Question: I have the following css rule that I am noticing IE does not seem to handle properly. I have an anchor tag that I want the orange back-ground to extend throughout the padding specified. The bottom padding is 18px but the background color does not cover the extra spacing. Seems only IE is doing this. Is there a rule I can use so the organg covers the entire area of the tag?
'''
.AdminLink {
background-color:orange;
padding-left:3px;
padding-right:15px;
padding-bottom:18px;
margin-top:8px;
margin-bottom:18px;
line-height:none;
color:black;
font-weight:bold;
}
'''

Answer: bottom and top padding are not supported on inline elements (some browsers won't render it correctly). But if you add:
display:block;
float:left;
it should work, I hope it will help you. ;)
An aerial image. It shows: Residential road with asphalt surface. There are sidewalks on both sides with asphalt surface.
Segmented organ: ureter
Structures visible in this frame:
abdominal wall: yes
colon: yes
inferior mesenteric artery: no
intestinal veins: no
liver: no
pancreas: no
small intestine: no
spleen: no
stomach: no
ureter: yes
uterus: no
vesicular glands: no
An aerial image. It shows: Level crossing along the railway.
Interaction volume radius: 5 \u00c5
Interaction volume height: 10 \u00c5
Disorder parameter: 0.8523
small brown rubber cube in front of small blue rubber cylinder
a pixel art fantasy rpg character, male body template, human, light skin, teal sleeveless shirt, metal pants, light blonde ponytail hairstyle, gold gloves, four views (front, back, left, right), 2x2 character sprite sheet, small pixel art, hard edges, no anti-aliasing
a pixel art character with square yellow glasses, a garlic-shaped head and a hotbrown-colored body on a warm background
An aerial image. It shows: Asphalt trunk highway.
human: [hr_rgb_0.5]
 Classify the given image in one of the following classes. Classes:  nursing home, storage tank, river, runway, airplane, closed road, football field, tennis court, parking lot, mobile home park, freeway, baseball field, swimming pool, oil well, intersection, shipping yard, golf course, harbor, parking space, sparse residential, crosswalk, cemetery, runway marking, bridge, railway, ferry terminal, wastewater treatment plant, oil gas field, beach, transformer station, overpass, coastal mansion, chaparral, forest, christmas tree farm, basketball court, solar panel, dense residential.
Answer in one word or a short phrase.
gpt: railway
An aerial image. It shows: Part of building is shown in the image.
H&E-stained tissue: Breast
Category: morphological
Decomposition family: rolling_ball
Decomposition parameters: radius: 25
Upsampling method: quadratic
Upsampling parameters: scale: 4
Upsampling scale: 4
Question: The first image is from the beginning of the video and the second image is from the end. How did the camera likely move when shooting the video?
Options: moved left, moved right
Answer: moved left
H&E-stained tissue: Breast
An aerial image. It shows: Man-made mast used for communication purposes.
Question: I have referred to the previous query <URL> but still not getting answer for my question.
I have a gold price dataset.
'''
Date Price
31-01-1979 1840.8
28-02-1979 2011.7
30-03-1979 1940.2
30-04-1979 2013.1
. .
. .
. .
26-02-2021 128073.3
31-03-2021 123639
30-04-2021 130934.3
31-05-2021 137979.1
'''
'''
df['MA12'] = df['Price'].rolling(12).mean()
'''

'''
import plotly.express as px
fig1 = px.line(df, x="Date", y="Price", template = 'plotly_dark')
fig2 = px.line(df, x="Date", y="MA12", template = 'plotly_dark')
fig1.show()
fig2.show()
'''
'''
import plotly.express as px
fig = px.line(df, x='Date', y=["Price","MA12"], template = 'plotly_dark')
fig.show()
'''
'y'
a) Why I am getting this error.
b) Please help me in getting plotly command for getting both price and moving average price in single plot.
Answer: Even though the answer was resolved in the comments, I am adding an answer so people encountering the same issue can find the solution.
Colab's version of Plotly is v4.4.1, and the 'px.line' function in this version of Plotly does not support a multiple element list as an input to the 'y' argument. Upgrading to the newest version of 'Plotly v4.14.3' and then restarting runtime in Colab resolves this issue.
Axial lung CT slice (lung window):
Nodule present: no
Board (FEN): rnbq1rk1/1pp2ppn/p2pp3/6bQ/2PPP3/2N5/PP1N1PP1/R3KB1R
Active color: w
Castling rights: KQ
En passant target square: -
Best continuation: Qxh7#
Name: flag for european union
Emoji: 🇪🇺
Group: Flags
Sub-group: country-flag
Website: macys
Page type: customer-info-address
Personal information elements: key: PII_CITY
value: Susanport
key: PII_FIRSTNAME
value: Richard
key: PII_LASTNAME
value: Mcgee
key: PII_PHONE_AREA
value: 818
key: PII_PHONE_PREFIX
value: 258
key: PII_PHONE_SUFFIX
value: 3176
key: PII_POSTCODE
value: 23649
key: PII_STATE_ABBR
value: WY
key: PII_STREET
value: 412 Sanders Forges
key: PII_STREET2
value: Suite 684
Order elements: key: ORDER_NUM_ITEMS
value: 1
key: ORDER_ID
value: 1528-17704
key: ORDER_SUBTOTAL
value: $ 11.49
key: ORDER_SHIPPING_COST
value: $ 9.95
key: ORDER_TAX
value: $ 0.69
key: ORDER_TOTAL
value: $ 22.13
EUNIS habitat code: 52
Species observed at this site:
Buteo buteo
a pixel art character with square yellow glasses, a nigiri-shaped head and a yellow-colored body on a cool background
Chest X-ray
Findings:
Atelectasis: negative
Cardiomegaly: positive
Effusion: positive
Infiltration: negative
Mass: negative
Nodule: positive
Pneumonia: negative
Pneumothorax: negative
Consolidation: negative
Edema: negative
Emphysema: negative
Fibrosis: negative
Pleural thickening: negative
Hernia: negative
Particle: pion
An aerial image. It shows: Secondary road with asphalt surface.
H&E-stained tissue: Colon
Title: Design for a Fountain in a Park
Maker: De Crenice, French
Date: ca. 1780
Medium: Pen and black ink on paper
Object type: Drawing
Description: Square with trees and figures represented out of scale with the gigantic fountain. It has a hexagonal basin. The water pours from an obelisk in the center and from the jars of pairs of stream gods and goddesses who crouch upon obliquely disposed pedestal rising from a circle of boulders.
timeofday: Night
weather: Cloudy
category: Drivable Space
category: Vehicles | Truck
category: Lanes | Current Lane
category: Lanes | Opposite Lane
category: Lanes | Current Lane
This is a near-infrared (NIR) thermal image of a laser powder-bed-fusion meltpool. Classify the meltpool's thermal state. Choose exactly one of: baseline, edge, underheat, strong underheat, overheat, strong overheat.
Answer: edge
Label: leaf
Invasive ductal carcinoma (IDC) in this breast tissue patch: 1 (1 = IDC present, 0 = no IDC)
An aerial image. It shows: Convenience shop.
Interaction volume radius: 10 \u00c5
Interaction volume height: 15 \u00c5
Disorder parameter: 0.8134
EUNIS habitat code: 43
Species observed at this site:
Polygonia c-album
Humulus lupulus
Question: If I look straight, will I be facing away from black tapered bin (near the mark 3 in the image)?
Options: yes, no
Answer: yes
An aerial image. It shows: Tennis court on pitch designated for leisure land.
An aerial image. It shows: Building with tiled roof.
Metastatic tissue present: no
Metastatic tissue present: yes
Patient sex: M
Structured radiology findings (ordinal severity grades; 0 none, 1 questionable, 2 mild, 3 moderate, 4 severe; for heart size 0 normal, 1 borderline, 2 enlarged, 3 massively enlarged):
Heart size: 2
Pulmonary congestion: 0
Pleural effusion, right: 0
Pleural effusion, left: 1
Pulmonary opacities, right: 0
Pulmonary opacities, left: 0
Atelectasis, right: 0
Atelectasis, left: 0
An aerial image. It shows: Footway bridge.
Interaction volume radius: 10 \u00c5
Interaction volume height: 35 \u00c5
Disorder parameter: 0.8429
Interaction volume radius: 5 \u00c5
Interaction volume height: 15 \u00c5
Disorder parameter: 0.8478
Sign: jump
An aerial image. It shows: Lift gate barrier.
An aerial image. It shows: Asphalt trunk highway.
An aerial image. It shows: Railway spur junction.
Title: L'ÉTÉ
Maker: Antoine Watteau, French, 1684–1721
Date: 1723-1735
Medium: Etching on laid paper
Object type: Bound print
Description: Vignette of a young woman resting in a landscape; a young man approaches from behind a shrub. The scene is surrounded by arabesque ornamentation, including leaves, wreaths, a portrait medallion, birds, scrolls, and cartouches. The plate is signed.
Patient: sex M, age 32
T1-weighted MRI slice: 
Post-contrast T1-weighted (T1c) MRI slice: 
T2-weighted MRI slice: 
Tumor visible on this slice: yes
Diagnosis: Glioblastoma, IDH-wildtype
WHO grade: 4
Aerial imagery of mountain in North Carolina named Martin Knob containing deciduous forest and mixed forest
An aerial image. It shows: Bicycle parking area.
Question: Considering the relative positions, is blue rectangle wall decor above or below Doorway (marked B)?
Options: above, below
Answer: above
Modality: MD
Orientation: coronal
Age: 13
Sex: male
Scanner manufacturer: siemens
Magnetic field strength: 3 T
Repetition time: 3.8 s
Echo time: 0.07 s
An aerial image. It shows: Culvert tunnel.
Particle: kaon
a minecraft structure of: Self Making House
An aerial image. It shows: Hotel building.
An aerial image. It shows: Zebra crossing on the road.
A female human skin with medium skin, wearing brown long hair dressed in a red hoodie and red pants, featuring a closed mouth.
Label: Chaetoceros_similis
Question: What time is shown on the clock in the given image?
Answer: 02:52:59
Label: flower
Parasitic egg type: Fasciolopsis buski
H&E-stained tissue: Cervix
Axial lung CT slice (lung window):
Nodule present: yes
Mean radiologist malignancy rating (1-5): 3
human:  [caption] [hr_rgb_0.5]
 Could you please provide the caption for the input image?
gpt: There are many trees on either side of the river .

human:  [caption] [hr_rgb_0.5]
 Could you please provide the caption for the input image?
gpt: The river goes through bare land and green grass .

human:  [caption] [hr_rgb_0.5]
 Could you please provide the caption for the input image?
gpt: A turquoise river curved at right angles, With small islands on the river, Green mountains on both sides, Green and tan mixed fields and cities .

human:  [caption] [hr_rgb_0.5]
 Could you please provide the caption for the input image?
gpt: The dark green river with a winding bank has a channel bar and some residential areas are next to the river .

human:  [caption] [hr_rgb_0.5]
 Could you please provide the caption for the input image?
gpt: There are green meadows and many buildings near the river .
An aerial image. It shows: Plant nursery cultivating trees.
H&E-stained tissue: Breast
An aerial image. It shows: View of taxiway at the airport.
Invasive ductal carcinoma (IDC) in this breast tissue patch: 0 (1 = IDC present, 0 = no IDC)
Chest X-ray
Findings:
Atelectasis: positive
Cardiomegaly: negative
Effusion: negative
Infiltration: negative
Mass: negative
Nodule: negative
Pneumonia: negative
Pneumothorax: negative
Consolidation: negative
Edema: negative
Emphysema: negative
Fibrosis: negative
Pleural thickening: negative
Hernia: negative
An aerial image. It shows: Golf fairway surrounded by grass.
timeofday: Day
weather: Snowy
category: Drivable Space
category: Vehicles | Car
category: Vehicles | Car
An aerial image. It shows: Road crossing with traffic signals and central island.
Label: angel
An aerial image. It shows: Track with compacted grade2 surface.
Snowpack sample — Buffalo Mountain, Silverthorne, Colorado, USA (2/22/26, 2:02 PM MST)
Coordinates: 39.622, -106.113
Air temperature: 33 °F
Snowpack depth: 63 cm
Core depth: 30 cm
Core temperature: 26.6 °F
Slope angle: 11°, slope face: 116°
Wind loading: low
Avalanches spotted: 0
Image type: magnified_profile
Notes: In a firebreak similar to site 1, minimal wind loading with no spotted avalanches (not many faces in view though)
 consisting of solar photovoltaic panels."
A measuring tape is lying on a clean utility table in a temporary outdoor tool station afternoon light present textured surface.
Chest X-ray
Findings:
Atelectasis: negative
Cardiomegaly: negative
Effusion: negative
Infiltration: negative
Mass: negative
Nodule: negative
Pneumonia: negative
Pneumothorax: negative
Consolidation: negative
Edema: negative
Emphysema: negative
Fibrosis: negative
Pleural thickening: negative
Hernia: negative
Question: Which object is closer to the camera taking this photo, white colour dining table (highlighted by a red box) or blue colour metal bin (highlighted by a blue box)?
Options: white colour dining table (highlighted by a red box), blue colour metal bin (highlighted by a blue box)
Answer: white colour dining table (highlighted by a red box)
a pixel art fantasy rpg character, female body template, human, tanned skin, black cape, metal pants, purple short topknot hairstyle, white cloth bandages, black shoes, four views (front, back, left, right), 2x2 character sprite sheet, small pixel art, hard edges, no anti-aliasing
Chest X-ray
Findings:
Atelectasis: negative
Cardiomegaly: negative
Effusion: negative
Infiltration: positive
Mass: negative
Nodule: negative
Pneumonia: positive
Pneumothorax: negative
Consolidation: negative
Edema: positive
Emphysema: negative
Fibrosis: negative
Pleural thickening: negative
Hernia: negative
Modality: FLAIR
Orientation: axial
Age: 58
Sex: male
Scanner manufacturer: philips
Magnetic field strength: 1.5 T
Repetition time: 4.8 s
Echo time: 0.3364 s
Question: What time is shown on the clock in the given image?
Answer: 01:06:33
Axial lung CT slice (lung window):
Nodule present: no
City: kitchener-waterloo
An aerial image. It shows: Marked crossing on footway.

▶ **What is needed**
Only the lines above starting at the line that holds "Nodule present: yes" and ending at the line that holds "Image type: magnified_profile" are to be repeated, exactly and in full.

▶ **Answer**
Nodule present: yes
Mean radiologist malignancy rating (1-5): 3
human:  [caption] [hr_rgb_0.5]
 Could you please provide the caption for the input image?
gpt: There are many trees on either side of the river .

human:  [caption] [hr_rgb_0.5]
 Could you please provide the caption for the input image?
gpt: The river goes through bare land and green grass .

human:  [caption] [hr_rgb_0.5]
 Could you please provide the caption for the input image?
gpt: A turquoise river curved at right angles, With small islands on the river, Green mountains on both sides, Green and tan mixed fields and cities .

human:  [caption] [hr_rgb_0.5]
 Could you please provide the caption for the input image?
gpt: The dark green river with a winding bank has a channel bar and some residential areas are next to the river .

human:  [caption] [hr_rgb_0.5]
 Could you please provide the caption for the input image?
gpt: There are green meadows and many buildings near the river .
An aerial image. It shows: Plant nursery cultivating trees.
H&E-stained tissue: Breast
An aerial image. It shows: View of taxiway at the airport.
Invasive ductal carcinoma (IDC) in this breast tissue patch: 0 (1 = IDC present, 0 = no IDC)
Chest X-ray
Findings:
Atelectasis: positive
Cardiomegaly: negative
Effusion: negative
Infiltration: negative
Mass: negative
Nodule: negative
Pneumonia: negative
Pneumothorax: negative
Consolidation: negative
Edema: negative
Emphysema: negative
Fibrosis: negative
Pleural thickening: negative
Hernia: negative
An aerial image. It shows: Golf fairway surrounded by grass.
timeofday: Day
weather: Snowy
category: Drivable Space
category: Vehicles | Car
category: Vehicles | Car
An aerial image. It shows: Road crossing with traffic signals and central island.
Label: angel
An aerial image. It shows: Track with compacted grade2 surface.
Snowpack sample — Buffalo Mountain, Silverthorne, Colorado, USA (2/22/26, 2:02 PM MST)
Coordinates: 39.622, -106.113
Air temperature: 33 °F
Snowpack depth: 63 cm
Core depth: 30 cm
Core temperature: 26.6 °F
Slope angle: 11°, slope face: 116°
Wind loading: low
Avalanches spotted: 0
Image type: magnified_profile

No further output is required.